Levitin’s 10,000-hour threshold supports this assumption, as it would take at least 10 years to amass 10,000 hours in each practice setting. Most likely, development of expertise in one arena means mere competence in another. As exhibit A, I tremble at the thought of the mischief I would cause if I took my stethoscope to the primary care clinic.

Instead, the ethical standards of our profession should dictate that each provider determines if they meet this pursuit-of-expertise standard. Employers and credentialing boards need to raise the bar toward expertise, ensuring these thresholds are met.

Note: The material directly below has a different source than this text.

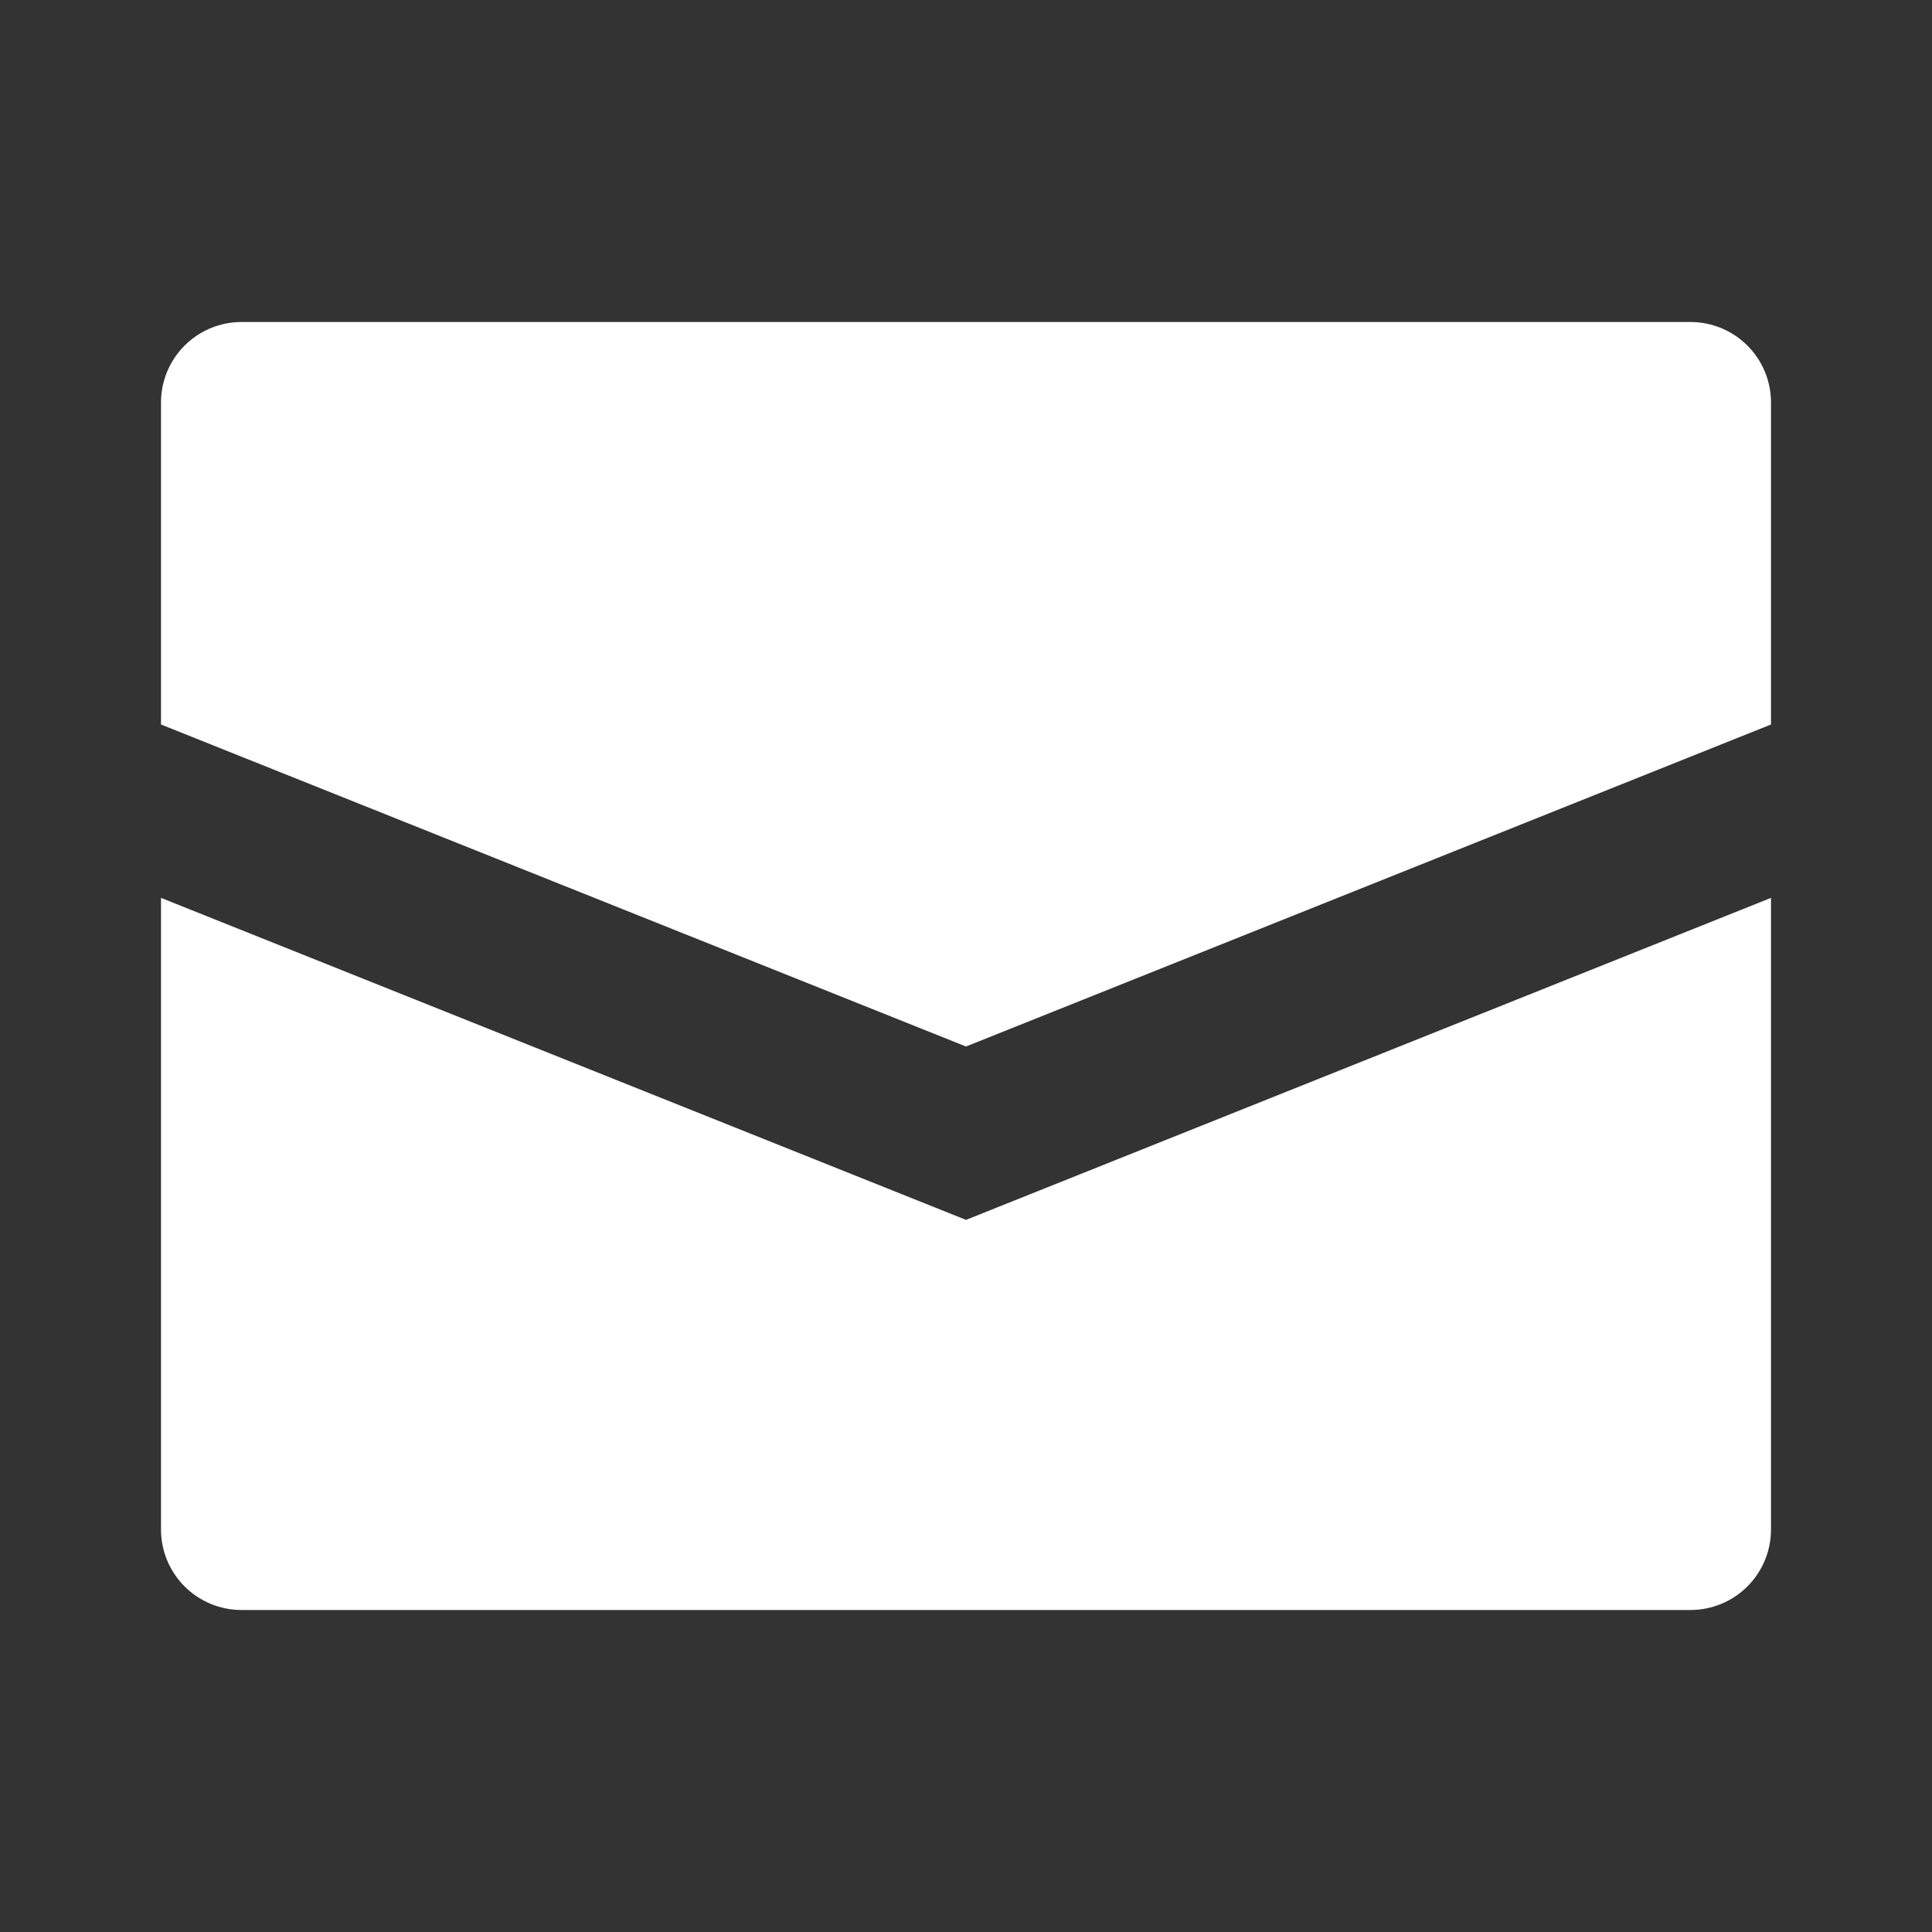 <svg width="63" height="63" viewBox="0 0 63 63" fill="none" xmlns="http://www.w3.org/2000/svg">
<rect x="0" y="0" width="63" height="63" fill="#333333" stroke="none"/>
<path d="M5.25 13.125V23.625L31.5 34.125L57.75 23.625V13.125C57.75 12.429 57.473 11.761 56.981 11.269C56.489 10.777 55.821 10.5 55.125 10.5H7.875C7.179 10.5 6.511 10.777 6.019 11.269C5.527 11.761 5.25 12.429 5.25 13.125ZM57.75 29.279V49.875C57.75 50.571 57.473 51.239 56.981 51.731C56.489 52.223 55.821 52.5 55.125 52.5H7.875C7.179 52.5 6.511 52.223 6.019 51.731C5.527 51.239 5.25 50.571 5.25 49.875V29.279L31.5 39.779L57.75 29.279Z" fill="white"/>
</svg>

In the end, hospital or clinic sites should be the domain of capable providers, regardless of their primary practice site. However, we need to recalibrate how we define a capable provider who is moving away from competence toward proficiency verging on expertise. Experience as a surrogate for expertise, more than primary practice setting or RFP-HM status, should be the major determinant for who cares for hospitalized patients. TH

Dr. Glasheen is associate professor of medicine at the University of Colorado at Denver, where he serves as director of the Hospital Medicine Program and the Hospitalist Training Program, and as associate program director of the Internal Medicine Residency Program.